**EXERCISE REQUIREMENTS**
Answer with the exact lines of the following material from the one containing "La parità di" through the one containing "it's failed in", both end lines included.

**RECORDS SUPPLIED**

*-*-*

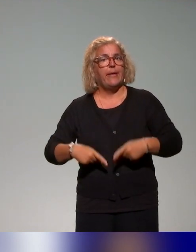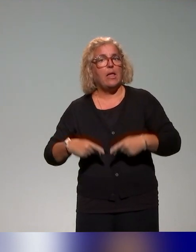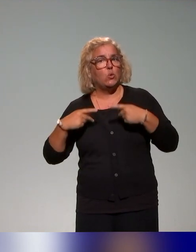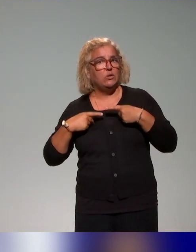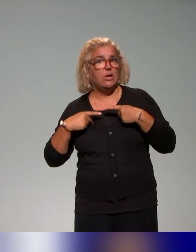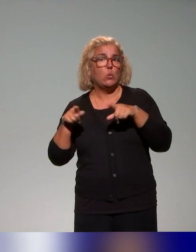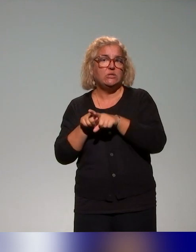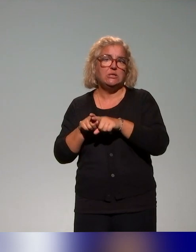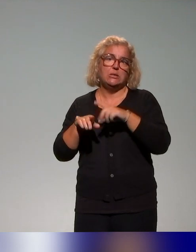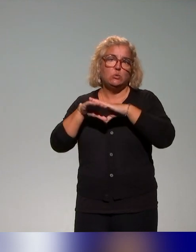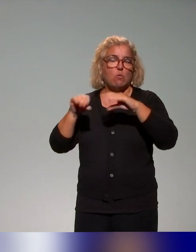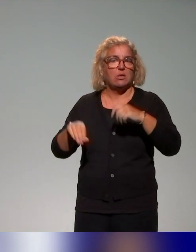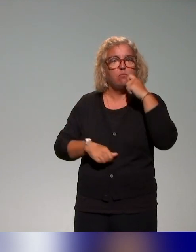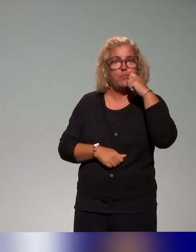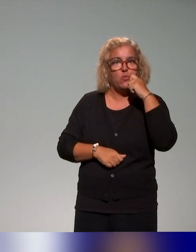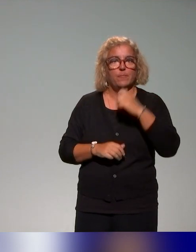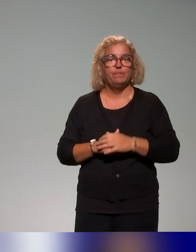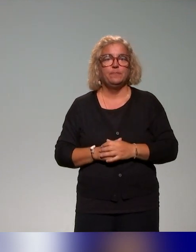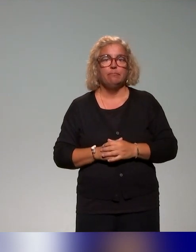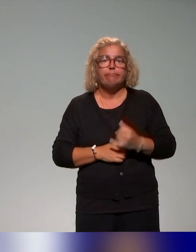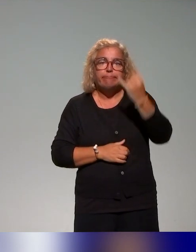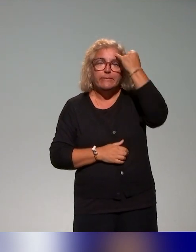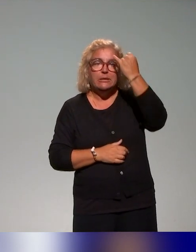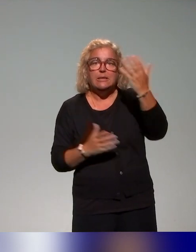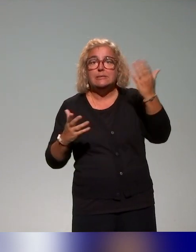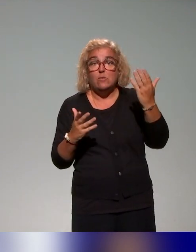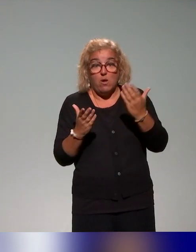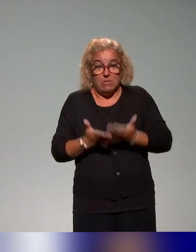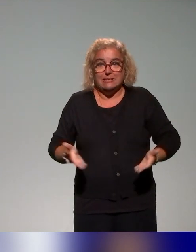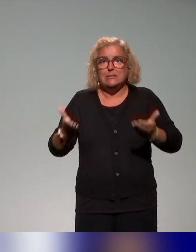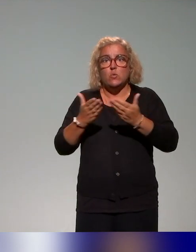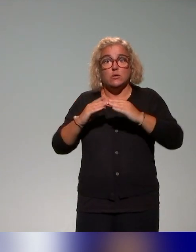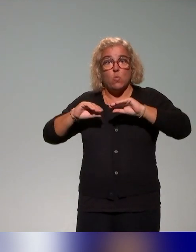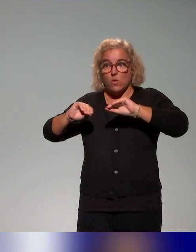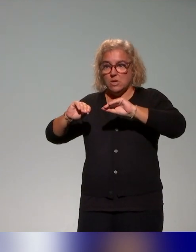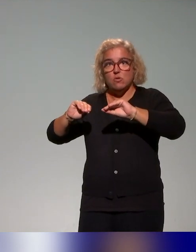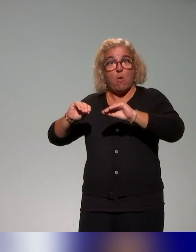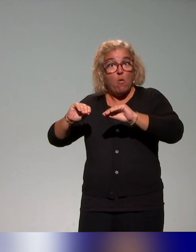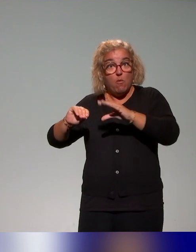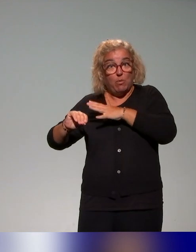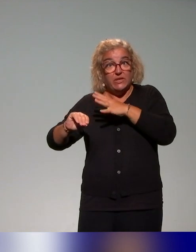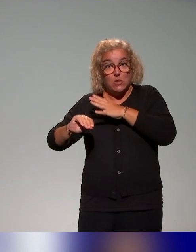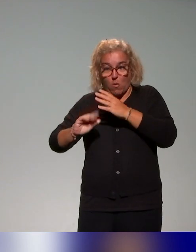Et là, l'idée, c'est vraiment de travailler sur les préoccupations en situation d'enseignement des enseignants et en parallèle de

*-*-*

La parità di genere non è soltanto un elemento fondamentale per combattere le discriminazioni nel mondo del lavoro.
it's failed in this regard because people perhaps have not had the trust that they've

*-*-*

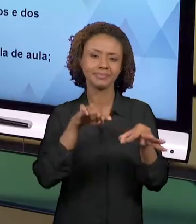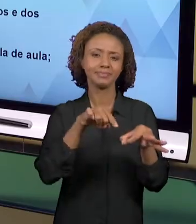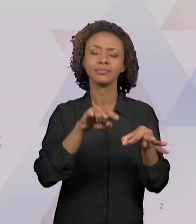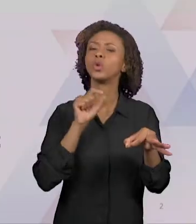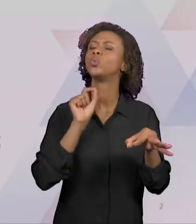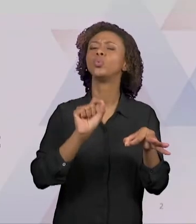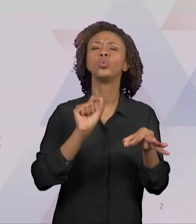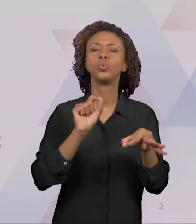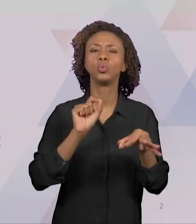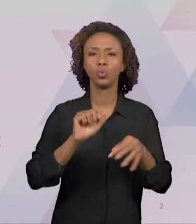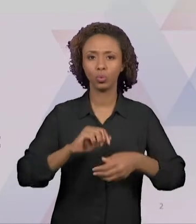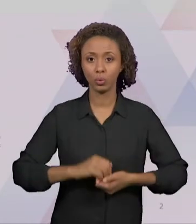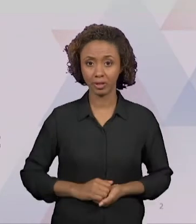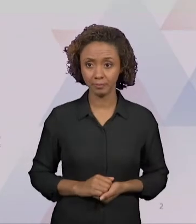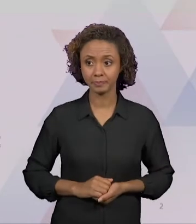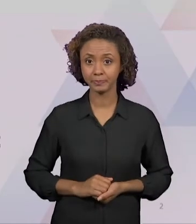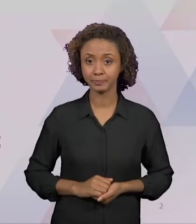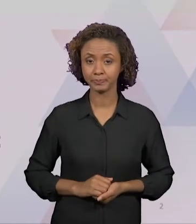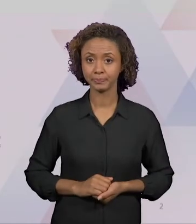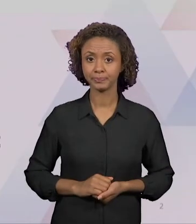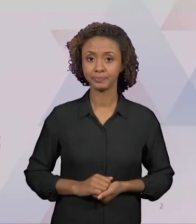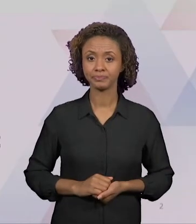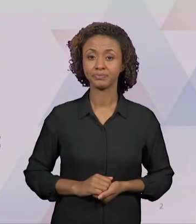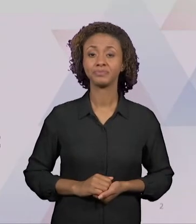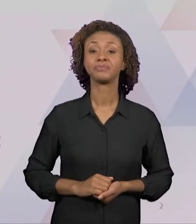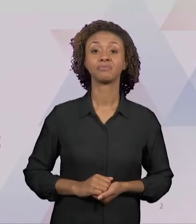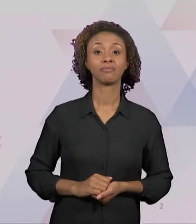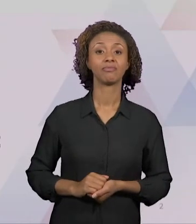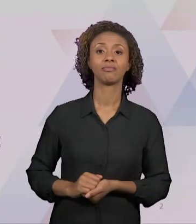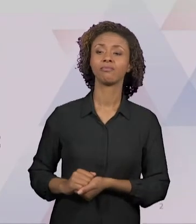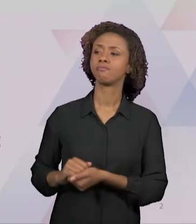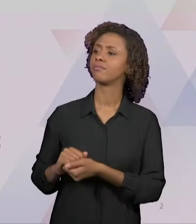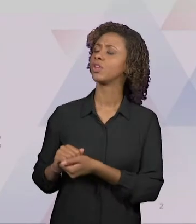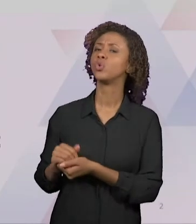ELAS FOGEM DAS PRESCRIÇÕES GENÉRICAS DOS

*-*-*

**OUTPUT OF THE EXERCISE**
La parità di genere non è soltanto un elemento fondamentale per combattere le discriminazioni nel mondo del lavoro.
it's failed in this regard because people perhaps have not had the trust that they've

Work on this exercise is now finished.